Problem requirements:
Whenever a line below mentions the word "Grassland", that line should be copied.

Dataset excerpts
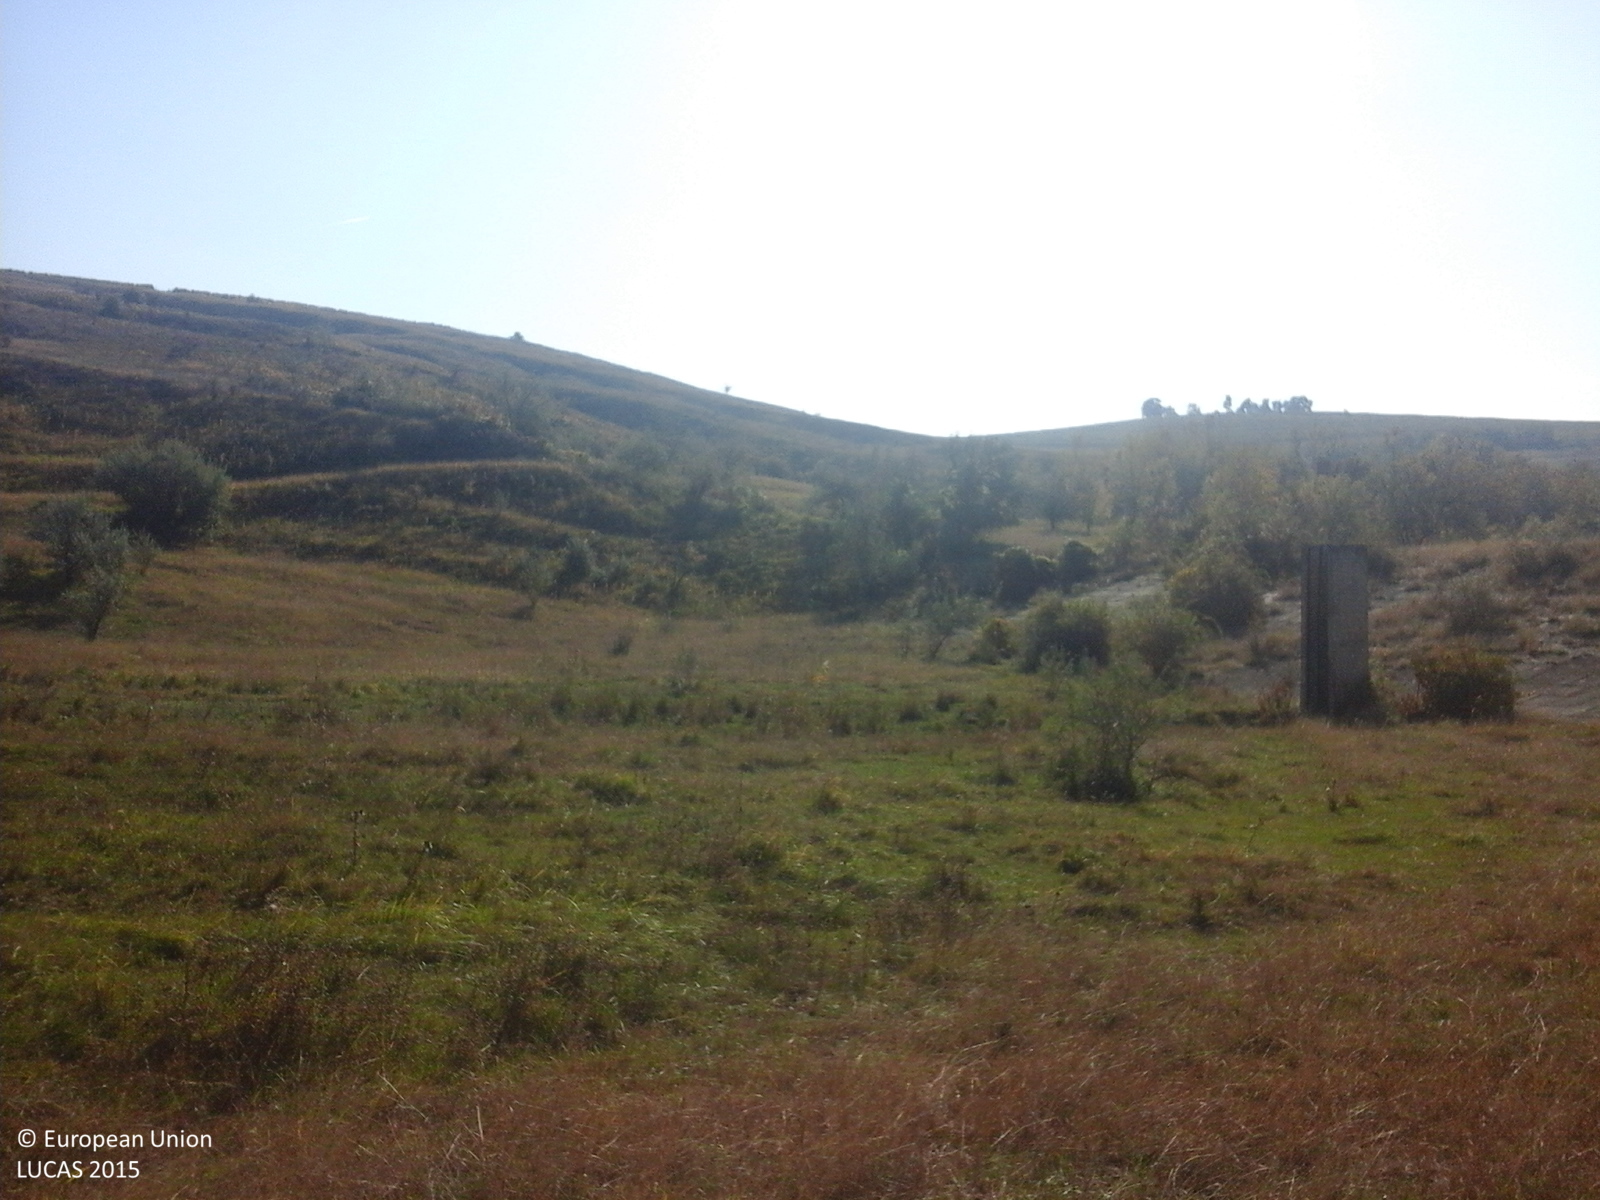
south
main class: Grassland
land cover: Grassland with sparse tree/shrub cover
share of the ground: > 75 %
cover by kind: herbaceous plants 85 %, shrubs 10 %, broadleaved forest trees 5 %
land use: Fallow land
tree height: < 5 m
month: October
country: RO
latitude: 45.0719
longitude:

==

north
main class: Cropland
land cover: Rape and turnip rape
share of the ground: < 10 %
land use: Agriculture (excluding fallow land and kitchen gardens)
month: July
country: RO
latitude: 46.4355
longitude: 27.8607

* * *

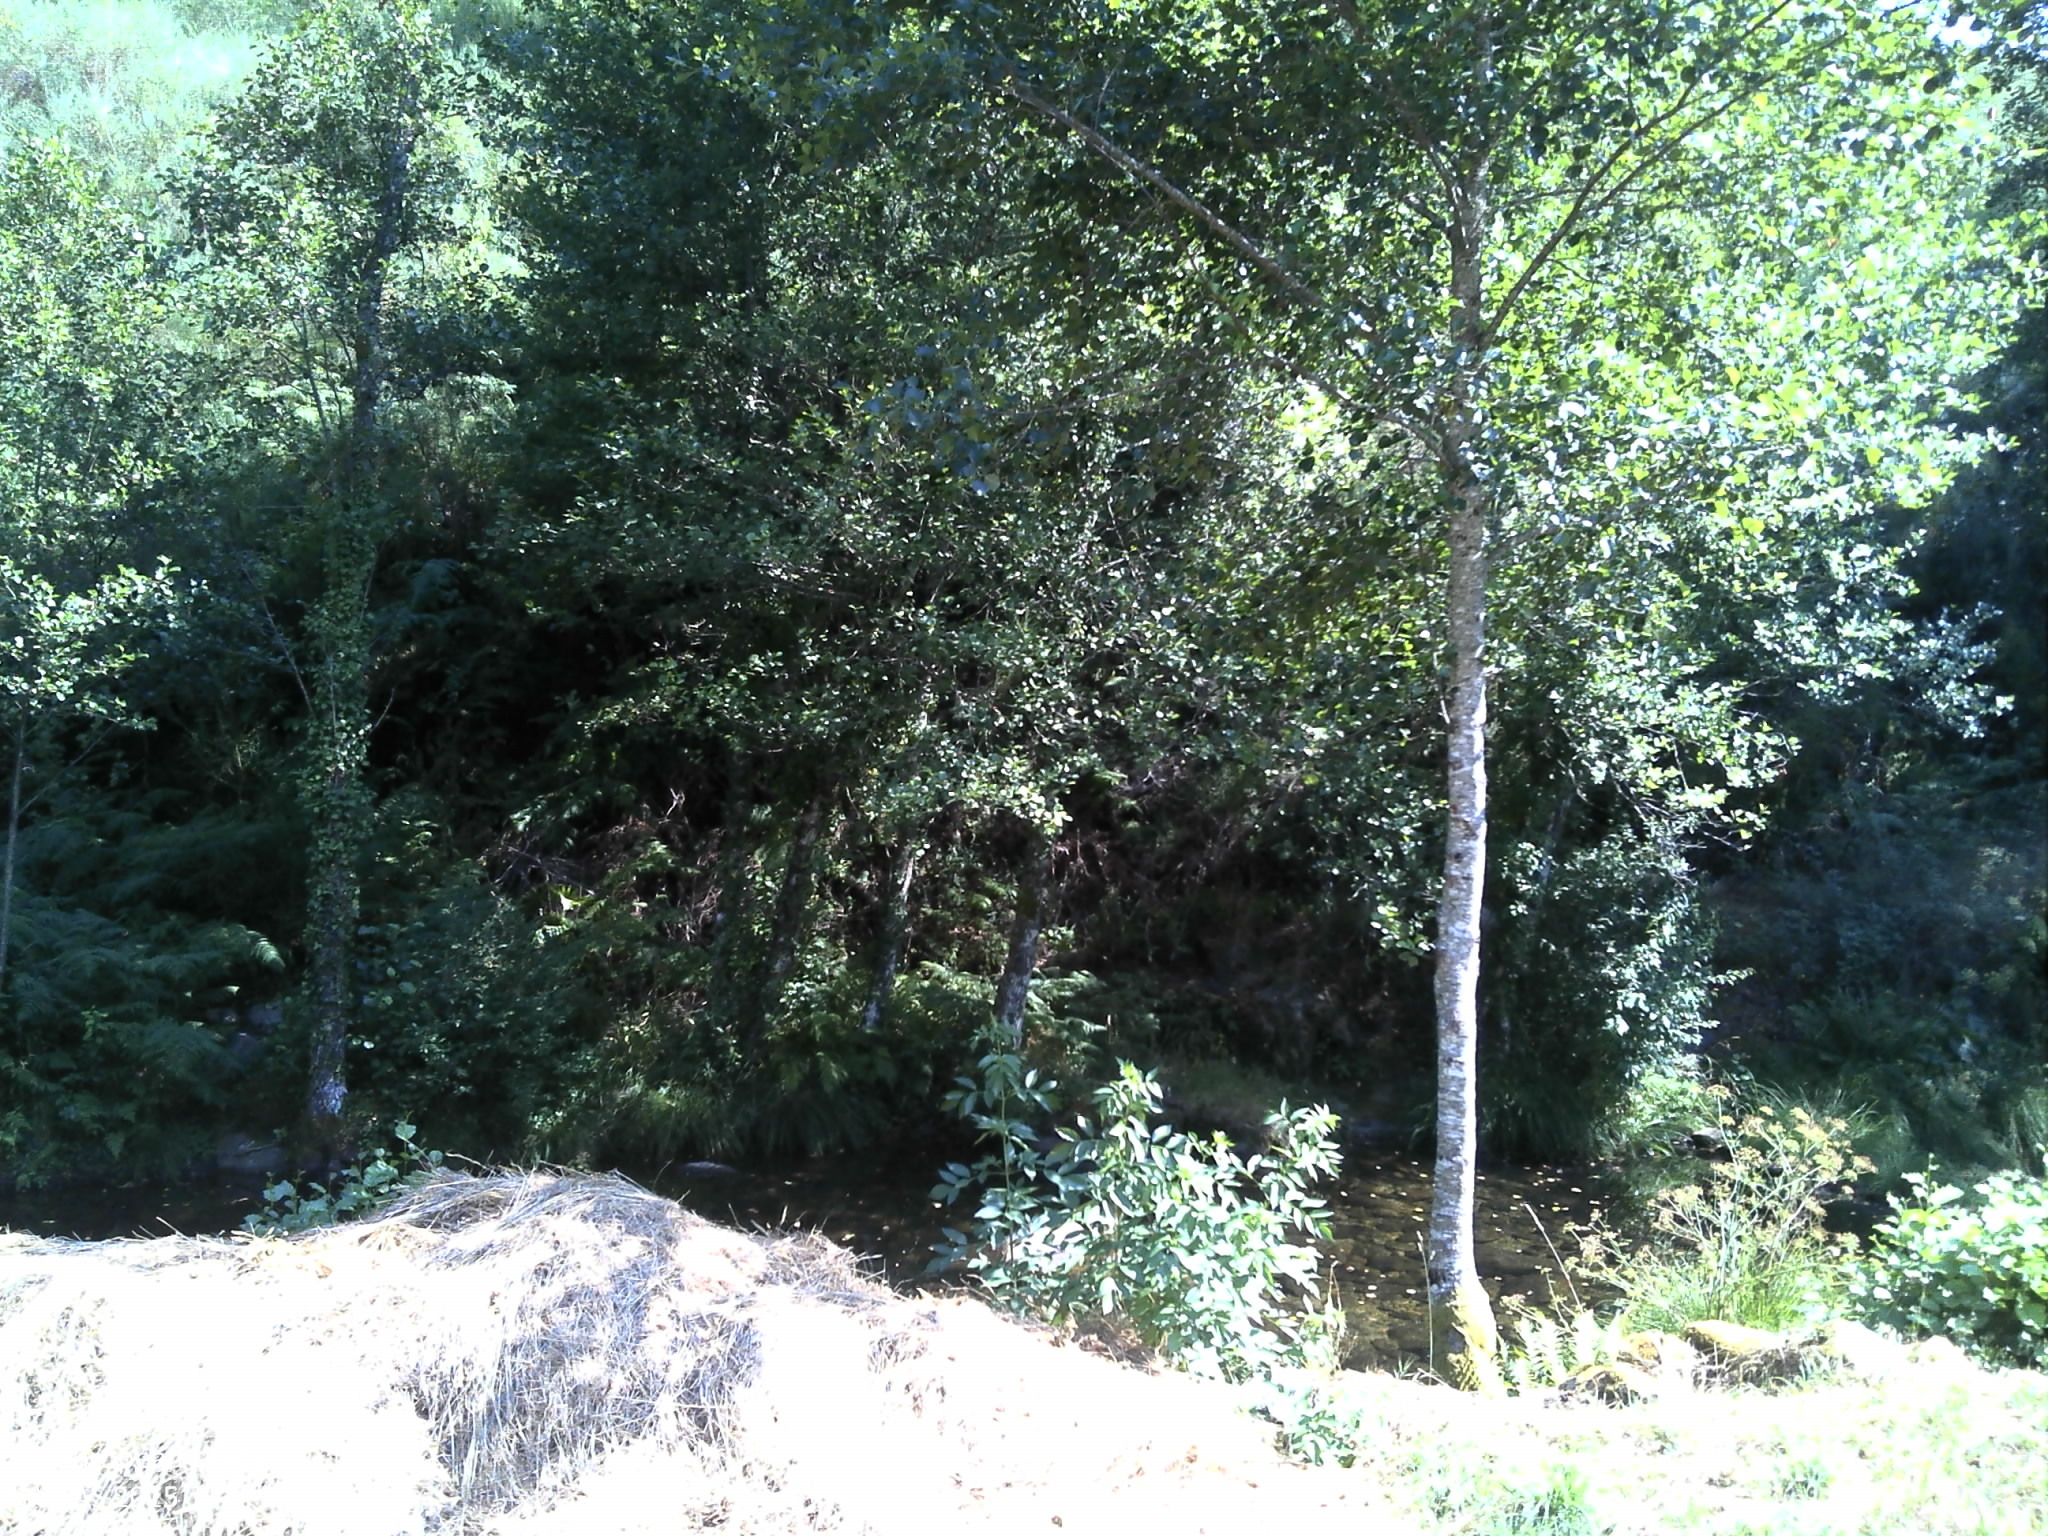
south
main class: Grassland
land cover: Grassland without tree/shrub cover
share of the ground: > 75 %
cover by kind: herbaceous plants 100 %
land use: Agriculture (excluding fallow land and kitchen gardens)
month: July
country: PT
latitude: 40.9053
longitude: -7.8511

Result for this task:
main class: Grassland
land cover: Grassland with sparse tree/shrub cover
main class: Grassland
land cover: Grassland without tree/shrub cover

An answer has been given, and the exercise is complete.